## ABOUT THIS EXERCISE
Copy the records below exactly as they stand. Leave out the pictures.

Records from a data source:
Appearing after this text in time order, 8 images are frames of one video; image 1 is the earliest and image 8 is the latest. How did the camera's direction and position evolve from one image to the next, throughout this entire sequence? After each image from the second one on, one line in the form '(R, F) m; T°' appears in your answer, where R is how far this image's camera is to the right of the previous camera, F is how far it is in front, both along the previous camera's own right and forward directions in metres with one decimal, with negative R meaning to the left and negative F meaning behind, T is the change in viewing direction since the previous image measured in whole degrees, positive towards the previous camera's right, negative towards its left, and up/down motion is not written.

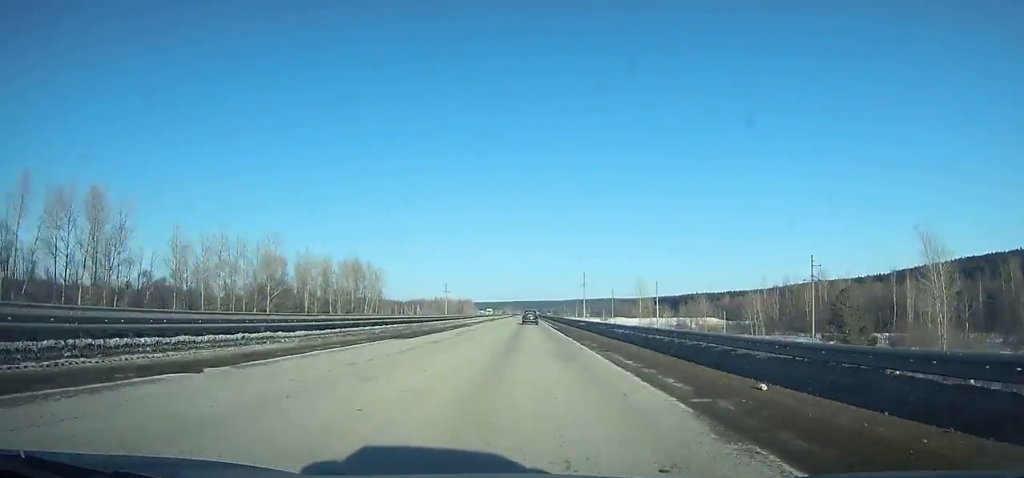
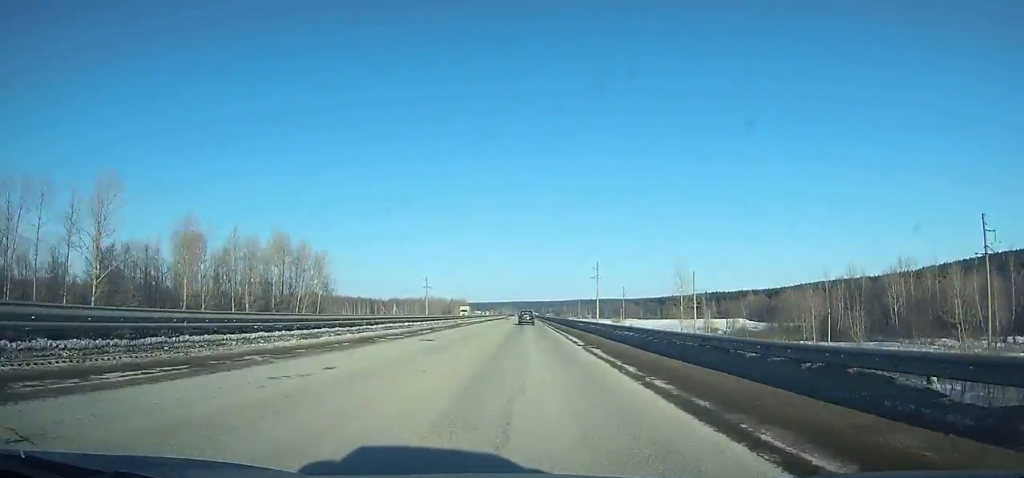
(+0.1, +51.1) m; 0°
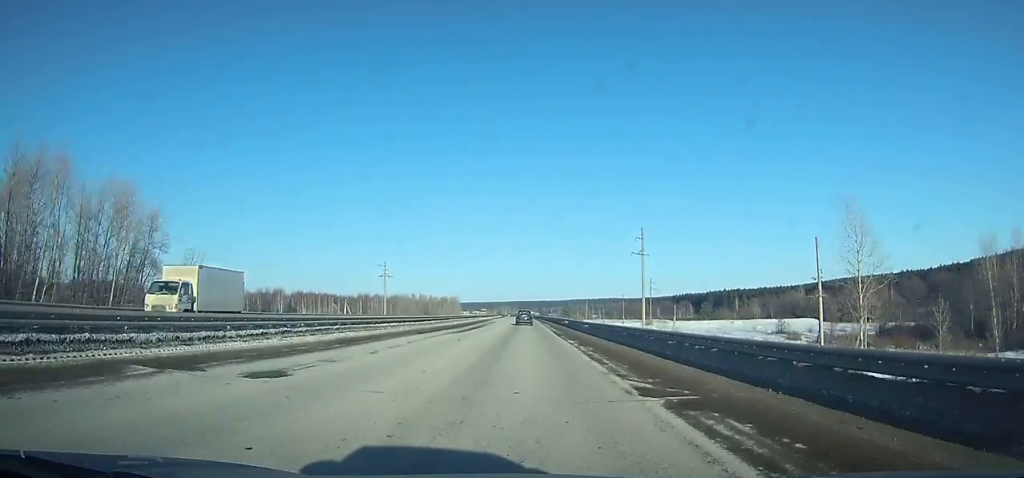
(+0.1, +72.8) m; 0°
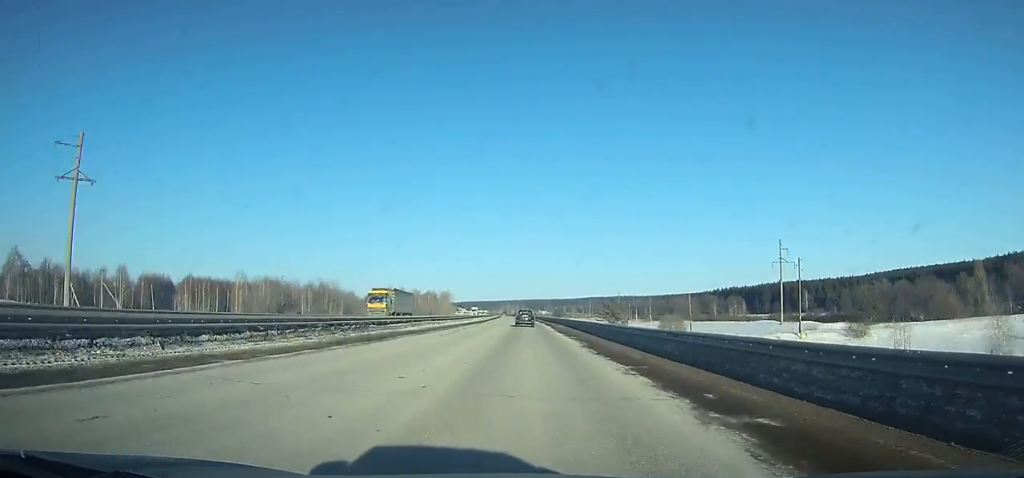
(-0.5, +128.8) m; -1°
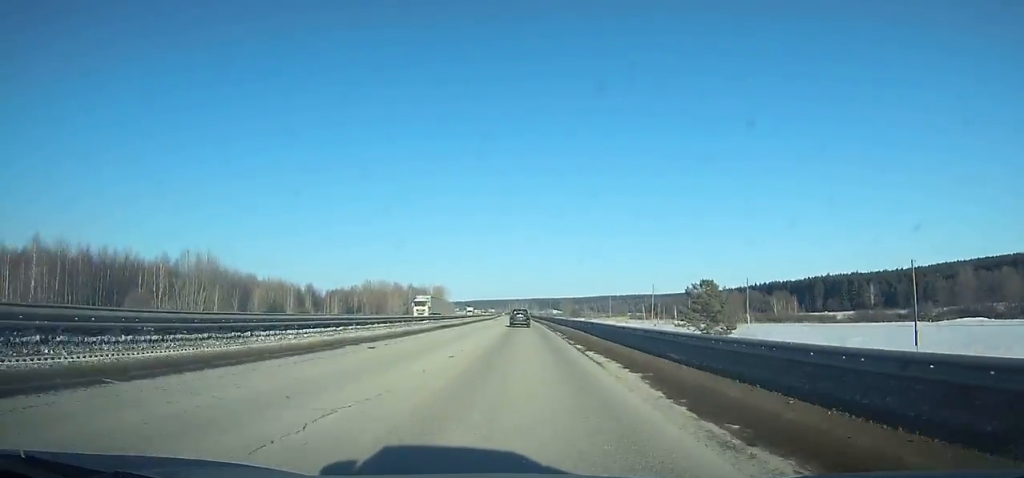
(-0.5, +79.7) m; -1°
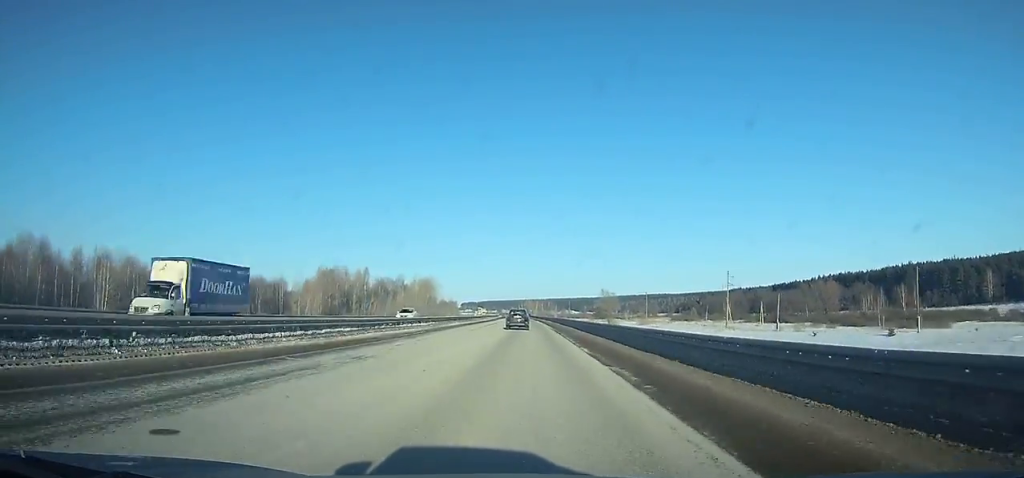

## RESULT
Appearing after this text in time order, 8 images are frames of one video; image 1 is the earliest and image 8 is the latest. How did the camera's direction and position evolve from one image to the next, throughout this entire sequence? After each image from the second one on, one line in the form '(R, F) m; T°' appears in your answer, where R is how far this image's camera is to the right of the previous camera, F is how far it is in front, both along the previous camera's own right and forward directions in metres with one decimal, with negative R meaning to the left and negative F meaning behind, T is the change in viewing direction since the previous image measured in whole degrees, positive towards the previous camera's right, negative towards its left, and up/down motion is not written.

(+0.1, +51.1) m; 0°
(+0.1, +72.8) m; 0°
(-0.5, +128.8) m; -1°
(-0.5, +79.7) m; -1°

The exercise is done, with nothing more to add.